Please output exactly the part of the records below that opens with the line containing "Hola, yo me" and closes with the line containing "com o surgimento", both lines included, and nothing else.

--- EXTRACTED MATERIAL Enclosed Below ---

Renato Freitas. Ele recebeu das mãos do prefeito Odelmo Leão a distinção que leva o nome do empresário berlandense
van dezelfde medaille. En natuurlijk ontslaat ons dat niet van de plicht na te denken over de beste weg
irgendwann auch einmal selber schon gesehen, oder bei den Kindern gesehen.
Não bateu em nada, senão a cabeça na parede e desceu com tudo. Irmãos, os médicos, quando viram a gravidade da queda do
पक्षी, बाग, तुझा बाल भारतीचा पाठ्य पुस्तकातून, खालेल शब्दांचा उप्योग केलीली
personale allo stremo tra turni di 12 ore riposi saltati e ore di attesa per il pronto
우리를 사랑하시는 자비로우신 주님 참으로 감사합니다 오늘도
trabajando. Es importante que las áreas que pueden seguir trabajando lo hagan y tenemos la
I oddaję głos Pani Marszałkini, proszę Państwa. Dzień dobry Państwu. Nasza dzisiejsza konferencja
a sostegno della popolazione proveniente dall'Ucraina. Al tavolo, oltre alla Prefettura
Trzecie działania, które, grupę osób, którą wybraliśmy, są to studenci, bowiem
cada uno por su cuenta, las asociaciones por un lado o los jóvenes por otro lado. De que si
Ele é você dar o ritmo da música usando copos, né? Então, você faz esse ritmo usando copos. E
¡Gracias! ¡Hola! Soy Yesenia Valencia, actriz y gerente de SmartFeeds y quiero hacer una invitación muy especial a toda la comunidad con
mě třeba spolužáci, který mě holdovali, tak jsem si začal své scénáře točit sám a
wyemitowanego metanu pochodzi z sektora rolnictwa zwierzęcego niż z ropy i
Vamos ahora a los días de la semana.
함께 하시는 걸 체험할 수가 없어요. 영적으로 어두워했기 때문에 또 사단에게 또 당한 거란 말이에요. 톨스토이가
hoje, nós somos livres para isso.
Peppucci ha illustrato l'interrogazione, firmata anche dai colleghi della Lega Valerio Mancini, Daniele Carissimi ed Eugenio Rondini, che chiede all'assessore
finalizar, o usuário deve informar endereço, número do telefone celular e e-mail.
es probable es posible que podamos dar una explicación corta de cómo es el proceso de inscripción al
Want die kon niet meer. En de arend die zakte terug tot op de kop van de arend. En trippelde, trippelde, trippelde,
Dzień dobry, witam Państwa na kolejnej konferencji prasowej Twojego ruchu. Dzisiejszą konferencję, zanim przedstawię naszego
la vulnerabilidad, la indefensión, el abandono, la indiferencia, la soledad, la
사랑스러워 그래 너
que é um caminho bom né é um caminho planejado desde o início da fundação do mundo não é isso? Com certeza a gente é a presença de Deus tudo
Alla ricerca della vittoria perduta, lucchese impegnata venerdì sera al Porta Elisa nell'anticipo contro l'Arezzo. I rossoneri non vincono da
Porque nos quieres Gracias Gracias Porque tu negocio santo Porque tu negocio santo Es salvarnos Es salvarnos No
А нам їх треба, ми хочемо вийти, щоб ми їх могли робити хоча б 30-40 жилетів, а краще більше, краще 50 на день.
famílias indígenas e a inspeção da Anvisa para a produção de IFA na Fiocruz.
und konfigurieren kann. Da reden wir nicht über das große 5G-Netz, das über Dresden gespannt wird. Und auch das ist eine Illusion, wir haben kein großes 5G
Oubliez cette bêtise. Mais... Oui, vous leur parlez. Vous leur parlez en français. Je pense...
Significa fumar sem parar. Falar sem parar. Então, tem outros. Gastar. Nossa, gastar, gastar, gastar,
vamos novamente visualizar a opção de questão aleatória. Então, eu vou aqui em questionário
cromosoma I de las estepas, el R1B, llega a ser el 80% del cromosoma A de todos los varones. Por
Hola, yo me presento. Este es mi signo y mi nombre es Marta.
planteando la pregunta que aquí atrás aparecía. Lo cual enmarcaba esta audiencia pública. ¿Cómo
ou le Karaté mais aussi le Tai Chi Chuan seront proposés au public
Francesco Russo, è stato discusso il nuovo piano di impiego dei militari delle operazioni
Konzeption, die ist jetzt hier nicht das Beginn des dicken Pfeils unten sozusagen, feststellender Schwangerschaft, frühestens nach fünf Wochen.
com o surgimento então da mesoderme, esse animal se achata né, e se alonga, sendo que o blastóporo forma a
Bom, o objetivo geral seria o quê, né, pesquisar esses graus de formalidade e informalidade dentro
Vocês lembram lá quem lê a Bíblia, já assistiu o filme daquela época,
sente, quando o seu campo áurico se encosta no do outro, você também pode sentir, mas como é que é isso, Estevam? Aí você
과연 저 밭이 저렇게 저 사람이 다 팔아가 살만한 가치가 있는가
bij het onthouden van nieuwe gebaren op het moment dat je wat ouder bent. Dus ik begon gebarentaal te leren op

--- End of Enclosed EXTRACTED MATERIAL ---

■ EXERCISE SOLUTION:
Hola, yo me presento. Este es mi signo y mi nombre es Marta.
planteando la pregunta que aquí atrás aparecía. Lo cual enmarcaba esta audiencia pública. ¿Cómo
ou le Karaté mais aussi le Tai Chi Chuan seront proposés au public
Francesco Russo, è stato discusso il nuovo piano di impiego dei militari delle operazioni
Konzeption, die ist jetzt hier nicht das Beginn des dicken Pfeils unten sozusagen, feststellender Schwangerschaft, frühestens nach fünf Wochen.
com o surgimento então da mesoderme, esse animal se achata né, e se alonga, sendo que o blastóporo forma a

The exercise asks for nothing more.